My earlier solution is marginally easier if I start with B's passes. It then goes like this:
Let y be the amount that everybody winds up with.
B has y after his pass, so he must have (3/2)y immediately before his pass. He passes y/2 to C.
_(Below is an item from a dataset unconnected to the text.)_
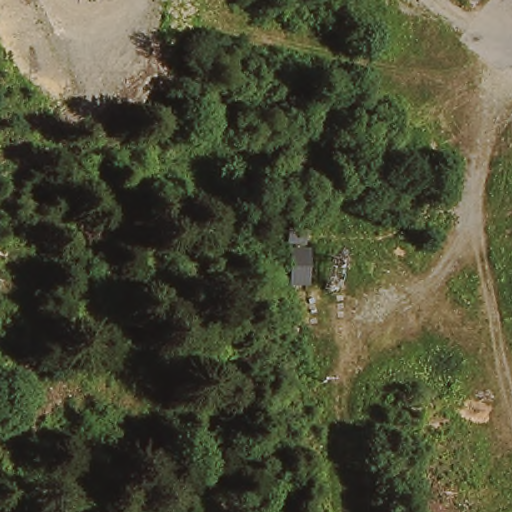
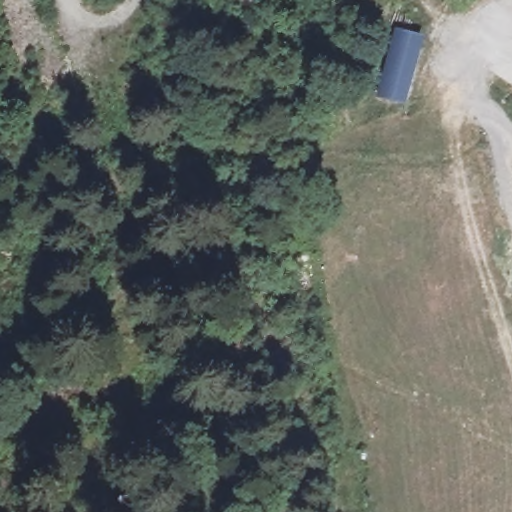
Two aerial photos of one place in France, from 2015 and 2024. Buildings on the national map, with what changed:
new [(396,29),(425,38),(406,104),(377,96),(396,29)]

We can solve for c (C's initial qty) in terms of y.
(c + y/2)*3/4 = y
so c = (4/3)y - y/2 = (5/6)y
c passes y/3 to D.
d = (5/4)y - y/3 = (11/12)y
d passes y/4 to E
e = (6/5)y - y/4 = (19/20)y
e passes y/5 to A.
So A, if a initially starts with qty a, he winds up with a/2 + y/5, which equals y.
therefore, a = (8/5)y, and A passes (4/5)y to B.
B winds up with
(b+(4/5)y)*2/3 = y
b = (3/2)y - (4/5)y = (7/10)y
y therefore is divisible by 6,12,20,5 and 10, whose LCM is 60.
so the minimum possible y is 60.
A starts with 96, passes 48, and ultimately receives 12, ending with 60.
B starts with 42, receives 48, passes 30, ending with 60.
C starts with 50, receives 30, passes 20, ending with 60.
D starts with 55, receives 20, passes 15, ending with 60.
E starts with 57, receives 15, passes 12, ending with 60.